For each record that follows, give it back exactly, with no pictures included.

[Entries provided]

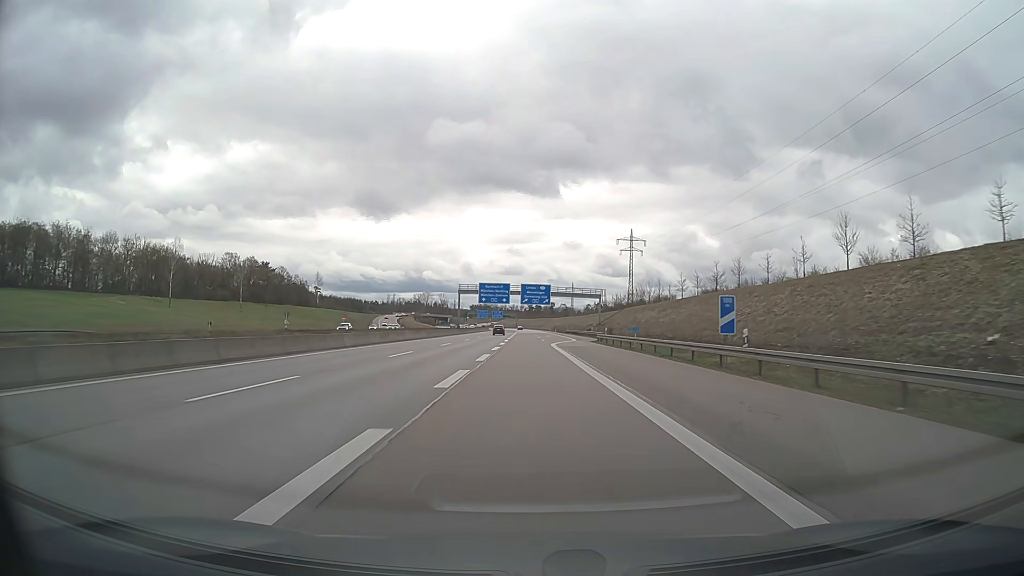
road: motorway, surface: asphalt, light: Day
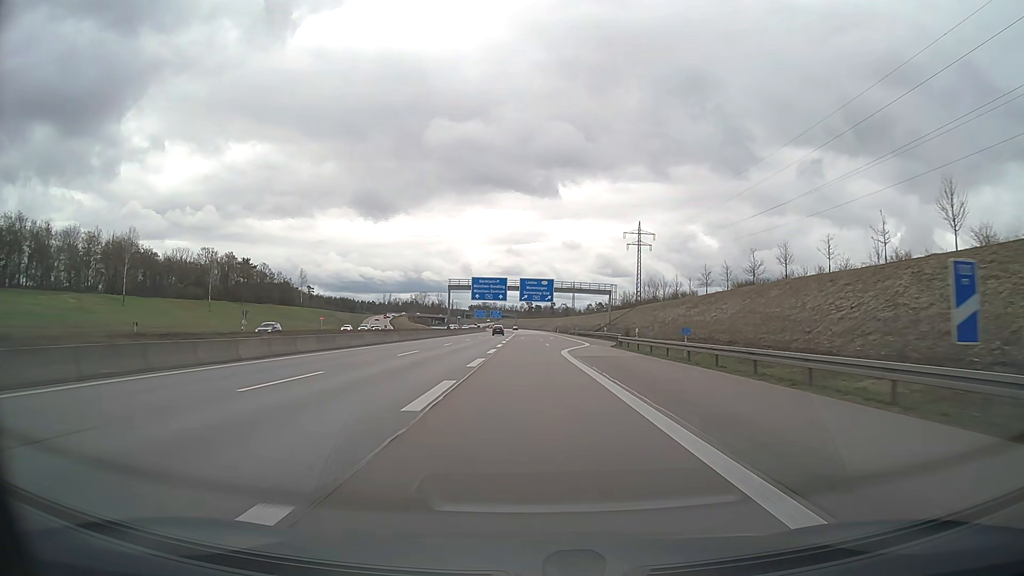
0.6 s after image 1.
(0.0, +15.8) m; 0°
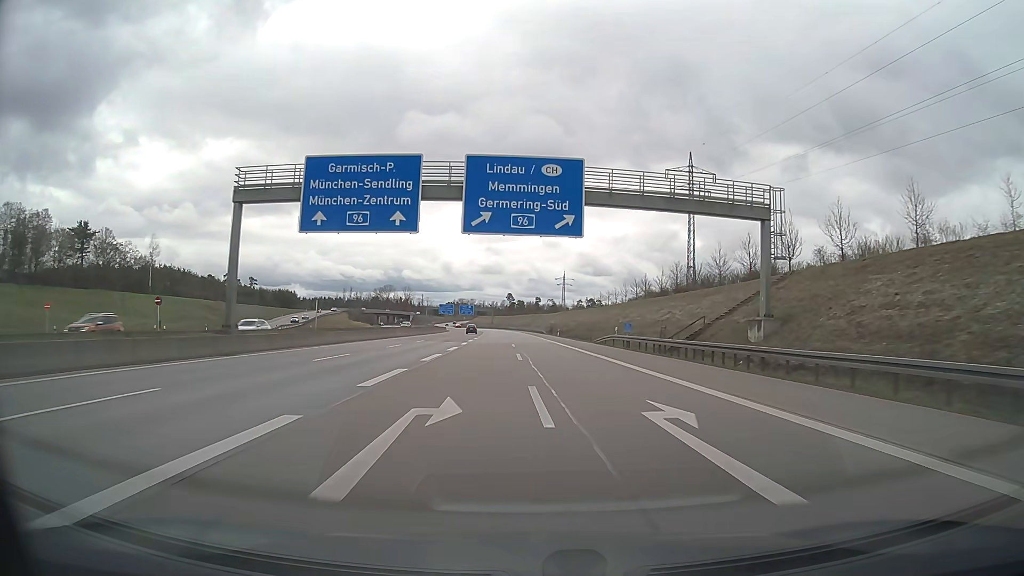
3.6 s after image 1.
(+1.0, +78.9) m; +2°
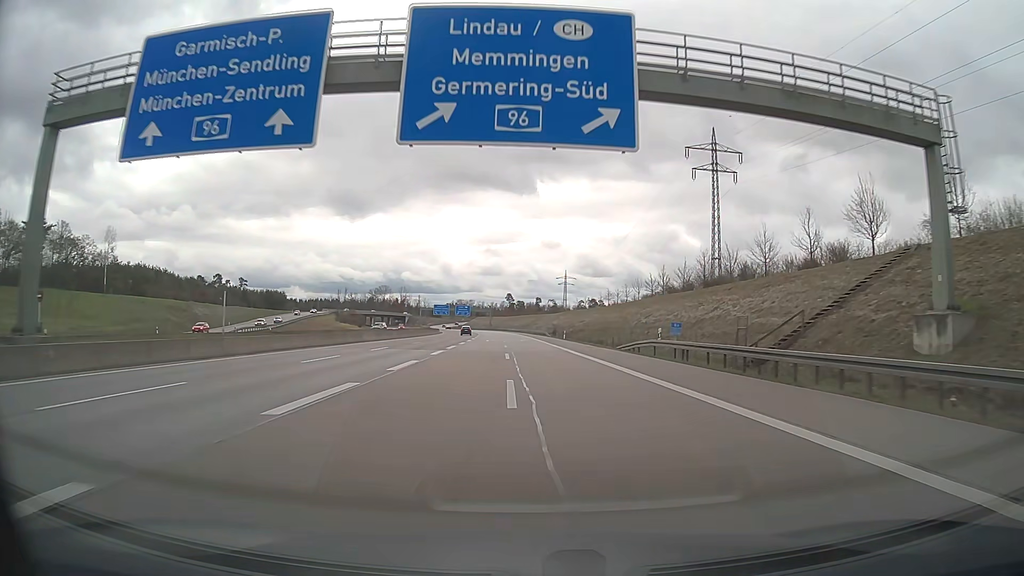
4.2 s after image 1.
(0.0, +15.8) m; 0°
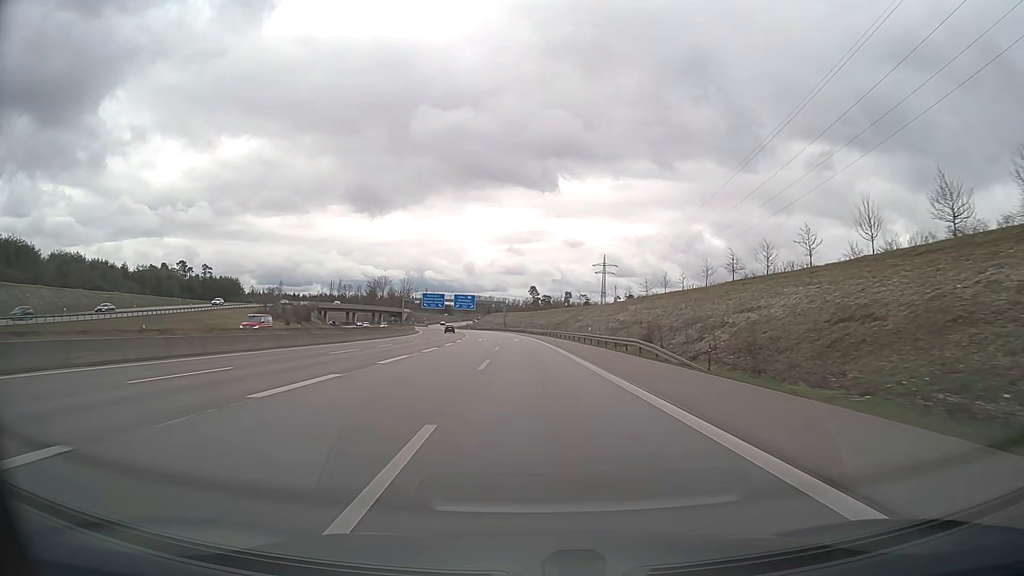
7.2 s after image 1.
(-1.3, +78.9) m; -2°
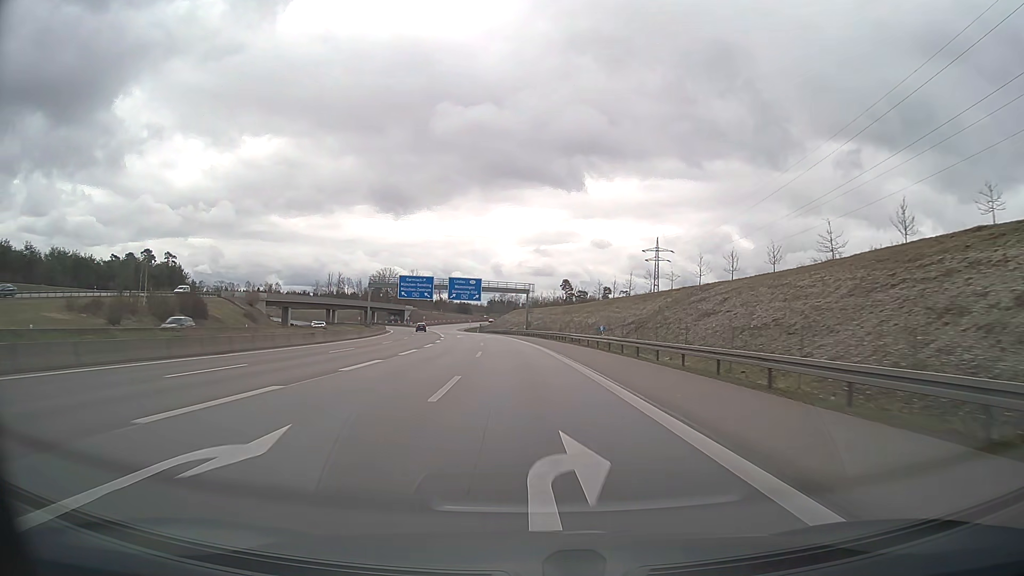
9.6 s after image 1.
(-1.0, +63.2) m; -2°
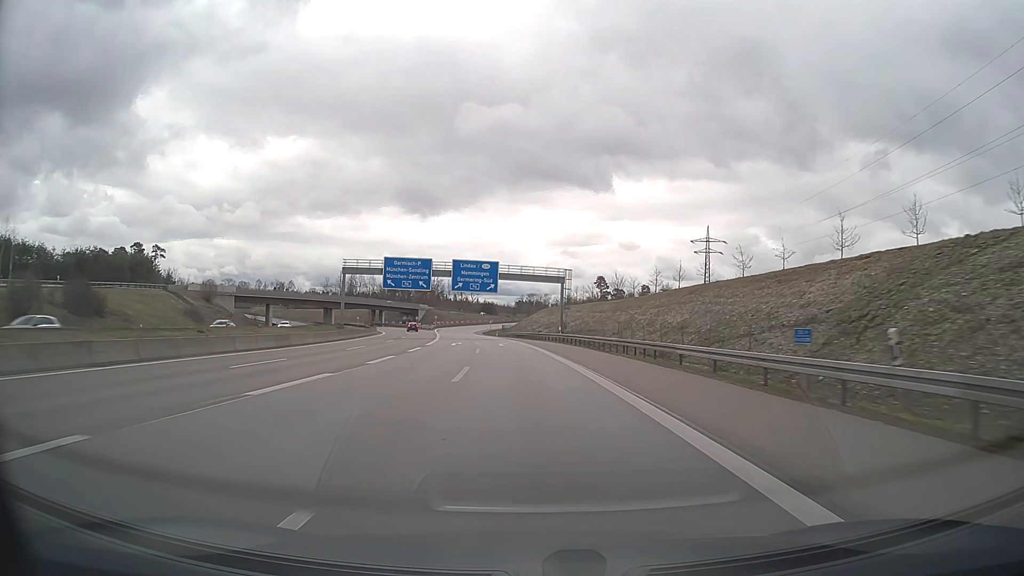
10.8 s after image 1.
(-0.7, +31.6) m; -2°
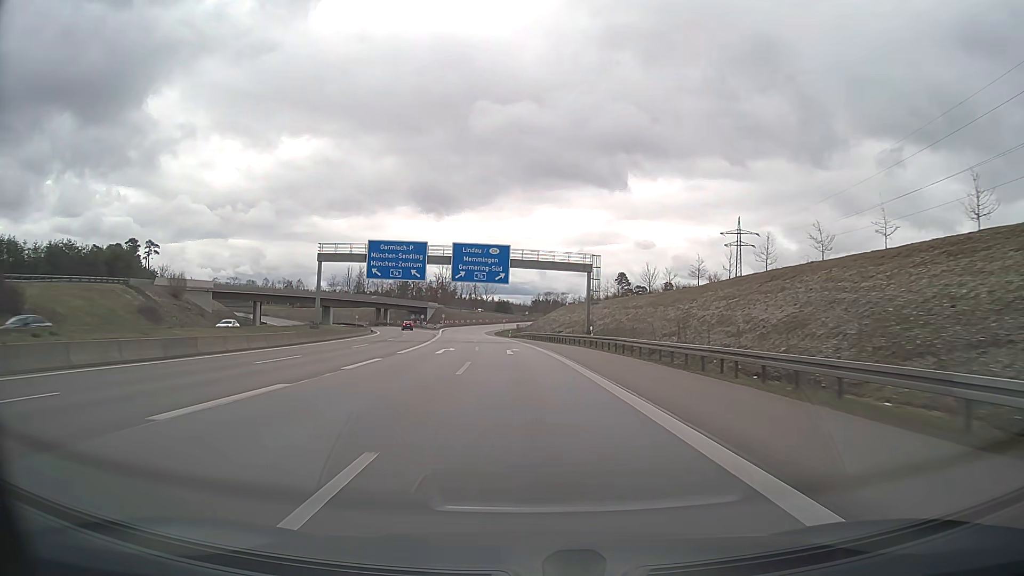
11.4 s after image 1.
(-0.2, +15.8) m; -1°

[/Entries provided]

• [Output for this task]:
road: motorway, surface: asphalt, light: Day
0.6 s after image 1.
(0.0, +15.8) m; 0°
3.6 s after image 1.
(+1.0, +78.9) m; +2°
4.2 s after image 1.
(0.0, +15.8) m; 0°
7.2 s after image 1.
(-1.3, +78.9) m; -2°
9.6 s after image 1.
(-1.0, +63.2) m; -2°
10.8 s after image 1.
(-0.7, +31.6) m; -2°
11.4 s after image 1.
(-0.2, +15.8) m; -1°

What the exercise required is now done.